Grande idiota de olhos azuis gelo, cabelos brilhantes e maxilar definido. Aqueles cabelos cortados rebeldes e a barba mal aparada davam uma visão perigosa de seu rosto. Muito perigosa

Já fazia uma hora desde que caminhávamos pela aquela floresta densa e interminável em pleno silêncio.

Ele não ousara dizer uma palavra e eu tinha vontade de estrangulá-lo. Me subestimar era burrice, mas ele que arque com as consequências de sua imbecilidade depois

Eu sabia. Eu sabia que minha loba era pequena

E só eu sei o que tive que fazer para chegar onde cheguei. Para assumir meu lugar como líder de uma rebelião que eu sequer havia começado, para proteger um povo que um dia chamei de família

Eu nasci no Sul e meu coração pertencia a ele, independente de quanto tempo fiquei fora ou de quando me isolei do mundo com a morte de meus pais

Eu sofri e o fiz sozinha. Mas todos os dias eu tinha que provar minha força, tinha que provar quem eu era. Tinha que ser criativa sobre como derrotar homens e lobos com o dobro de meu tamanho

E eu descobri

E eu derrotei

Um por um eles caíram aos meus pés conforme minha vontade, e depois que tive o vislumbre do que eu poderia ser, nunca mais parei de treinar

E se um cara que eu sequer conheço fosse me subestimar, o problema era, literalmente, todo dele. Não ouviria conselhos de um homem que passou anos em uma cela de maneira submissa

Mas, subitamente, sinto uma mão em meu cotovelo me impedindo de caminhar. Olho para trás notando o homem com as sobrancelhas erguidas e um sorriso de convencimento no rosto.

Só quando ele encara o enorme buraco em que eu estava prestes a cair que recuo da beirada, bufando.

Ele tinha me salvado. De novo.

Eu odeio isso

Tinha vontade de me jogar no buraco propositalmente e dizer: "era meu plano desde o início cair aqui, então você não me ajudou em nada". E eu juro que o faria se não tivesse tão desesperada para me localizar e definir um caminho certeiro até minha alcateia.

Me agacho no chão analisando a profundidade e percebendo que era uma armadilha não só para animais, mas para pessoas distraídas

Pessoas como eu

As folhas secas não já cobriam a armadilha mais, revelando que alguém mexera na mesma há pouco tempo

Encaro algumas pegadas do lado direito e analiso as marcas no fundo do buraco

-Estamos à Noroeste da Alcateia Central-constato me levantando e vejo que o olhar convencido dele de quem "acabou de salvar minha vida" agora era substituído por um surpreso

-Tem certeza?

-Armadilhas assim são colocadas por povos que caçam sem muito esforço-constato- e as pegadas indicam que as pessoas estão a Leste daqui. Quando cacei também notei o grupo de cervos, eles vem para cá nessa época do ano pelo estado das plantações dessa região

Eu conhecia bem as regiões porque precisava saber quais alcateias possuíam rebeldes e pessoas dispostas a lutar contra o supremo. Eu viaja à noite por terras como essas e se conseguia me localizar com apenas a luz da lua, eu definitivamente conseguia me localizar agora.
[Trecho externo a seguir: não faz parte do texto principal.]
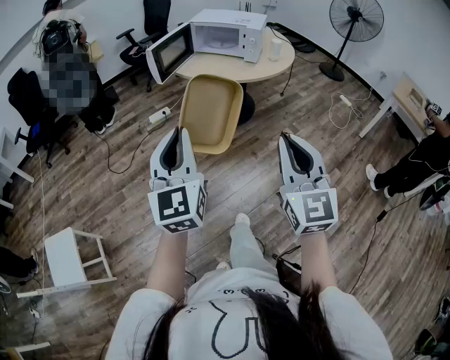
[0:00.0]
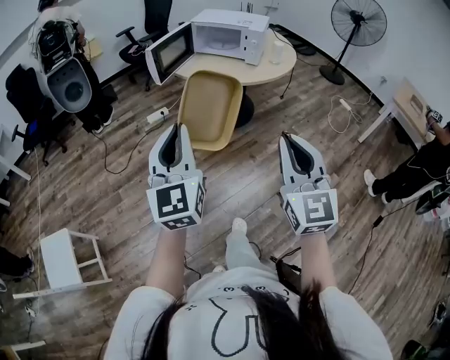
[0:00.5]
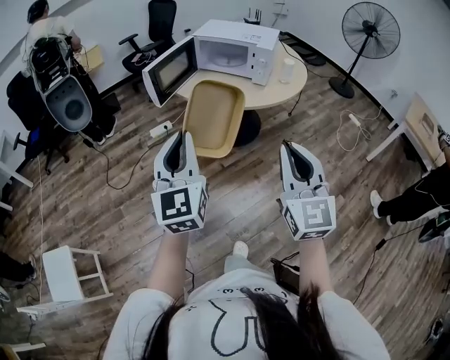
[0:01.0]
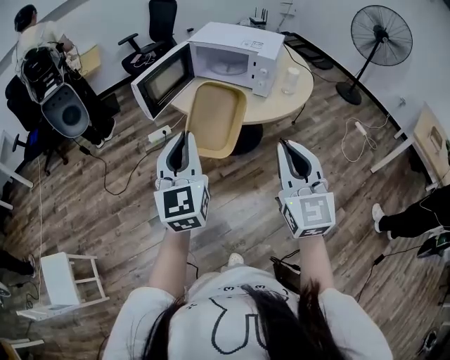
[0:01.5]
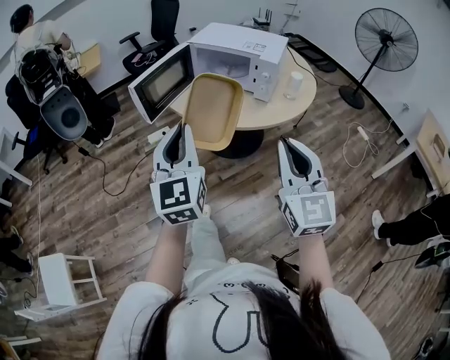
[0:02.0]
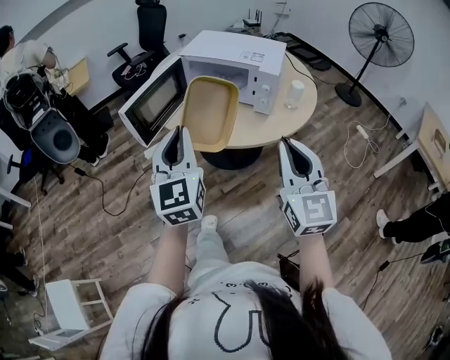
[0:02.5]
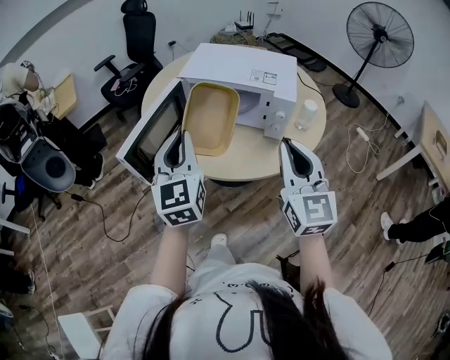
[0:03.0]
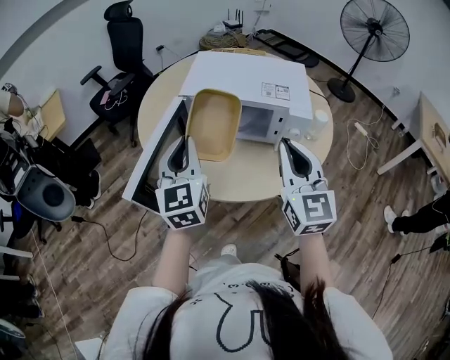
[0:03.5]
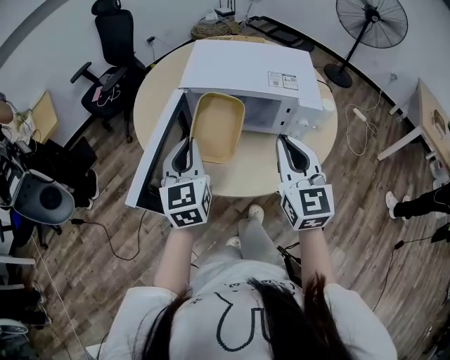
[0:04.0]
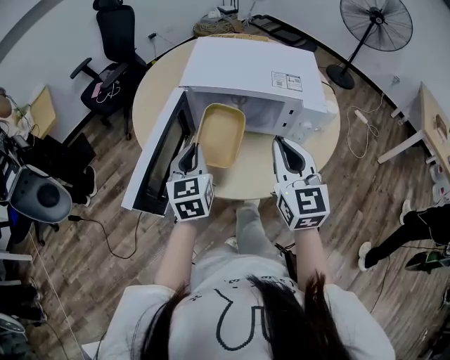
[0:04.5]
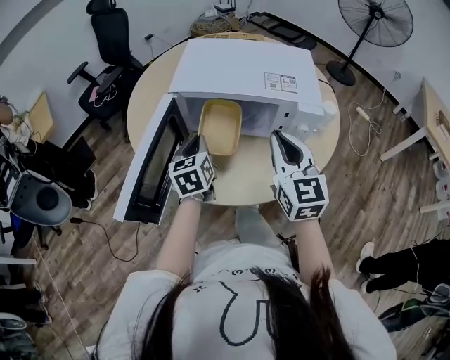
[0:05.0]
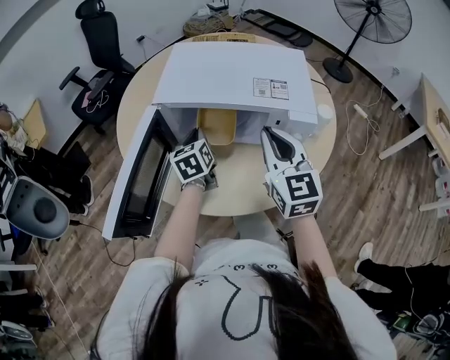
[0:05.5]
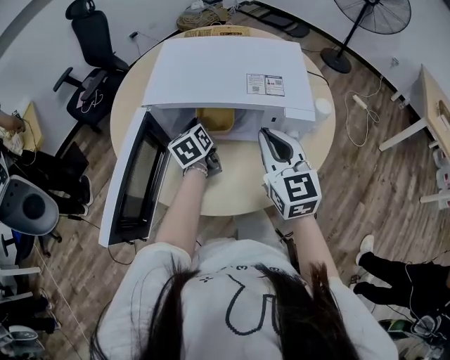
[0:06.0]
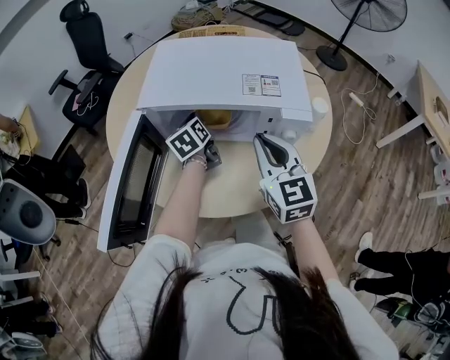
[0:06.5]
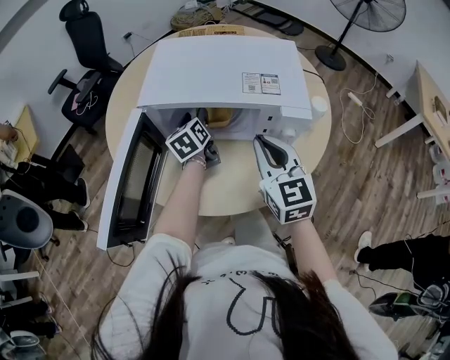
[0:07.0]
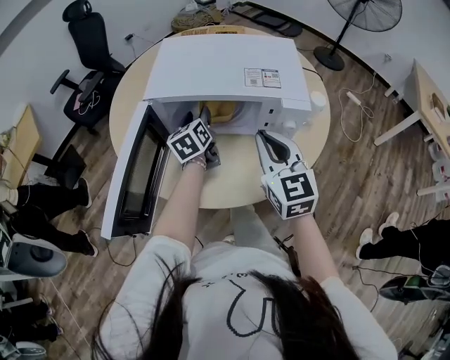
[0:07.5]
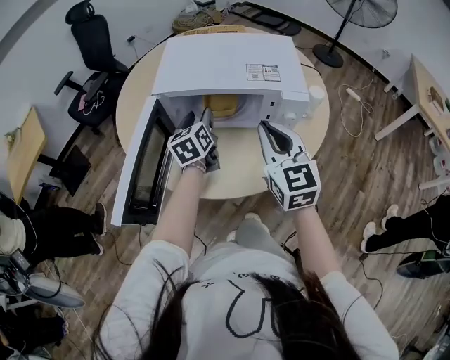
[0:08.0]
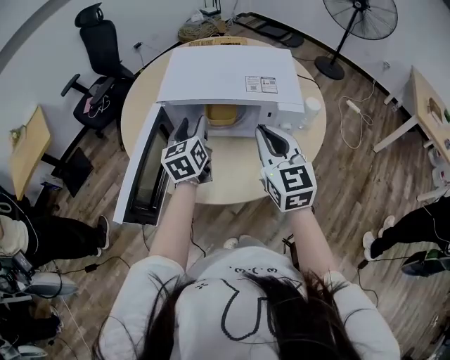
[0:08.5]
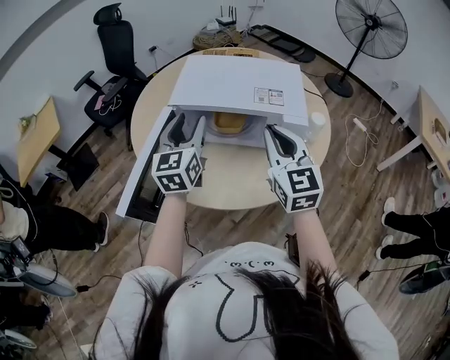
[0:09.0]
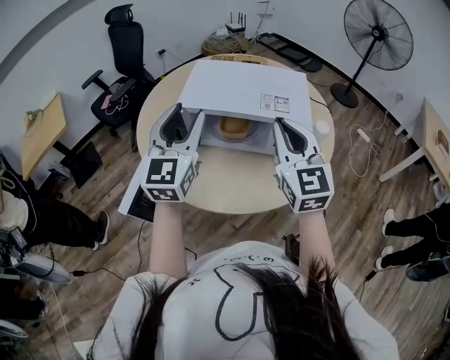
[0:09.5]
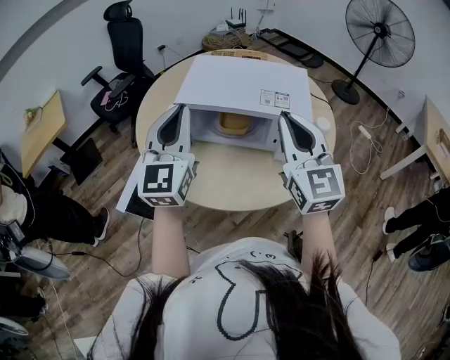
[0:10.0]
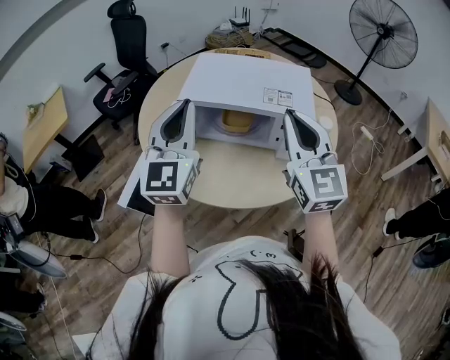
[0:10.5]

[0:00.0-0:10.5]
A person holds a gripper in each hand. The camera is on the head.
0:00.0 to 0:02.0: Both grippers travel together forward, about 35 cm.
0:02.0 to 0:04.0: The grippers both shift forward by roughly 40 cm. The left gripper rotates roughly 20 degrees.
0:04.0 to 0:06.5: The left gripper moves forward, downward and to the right, roughly 30 cm, and swivels approximately 30 degrees; the right gripper is displaced forward and downward by approximately 15 cm.
0:06.5 to 0:08.5: The right gripper shifts about 5 cm upward, while the left gripper heads upward and backward, covering approximately 15 cm, and opens up.
0:08.5 to 0:10.5: The left gripper shifts roughly 20 cm upward and backward, changes its angle by some 40 degrees, and closes. Meanwhile the right gripper shifts roughly 10 cm upward.

Cristopher já voltara com aquela inexpressividade maldita como se eu não tivesse sido a salvadora que fui ao nos colocarmos na região certa

-Vamos para o Sul-diz caminhando na direção do ponto cardeal

-Vamos? -indago- eu não faço ideia de quem você é, não vou deixar um estranho entrar em meu território

Agora ele parecia surpreso e me encarava de baixo a cima

-Não parece a mulher que me deitou no colo há algumas horas-joga na minha cara e eu sinto as bochechas vermelhas de raiva enquanto caminhava em passos duros até ele

-Olha aqui seu imbecil-começo apontando o indicador em sua cara e ele não recua nem um passo- você derrubou os três homens que tentaram me capturar, abriu 18 portas de aço e derrubou 18 soldados naquela prisão. Você, sozinho, lutou contra um exercício e voltou para floresta. Salvou a merda da minha vida mesmo eu não tendo pedido por isso. Eu não sou ingrata, mas não sou estupida! Uma coisa é me ajudar naquela cela, quando você poderia vir a precisar de mim para algo e a outra é aqui fora, onde eu não conheço suas habilidades. Pode ter sido tudo por interesse, pode ter sido porque você é um homem puro, bondoso e um grande cavalheiro, mas eu não vou pagar para ver

E mais uma vez ele me encarava. Olhos analíticos, irritantemente pacientes como se me torturassem aos poucos com aquela expressão de quem sabia de tudo

Ah, eu o odiava por isso. Pela Lua, eu queria matá-lo

-Eu vou para o Sul-pontua com uma calma assustadora- se eu não for bem-vindo, vá em frente e me prenda. Seu povo não é fraco Scarlett, eles saberão se defender de uma possível ameaça. Com ou sem você

E sem esperar por qualquer reação minha, ele apenas caminha. Ombros largos, costas musculosas e uma tranquilidade irritante

Cadê o homem assustado de poucas palavras?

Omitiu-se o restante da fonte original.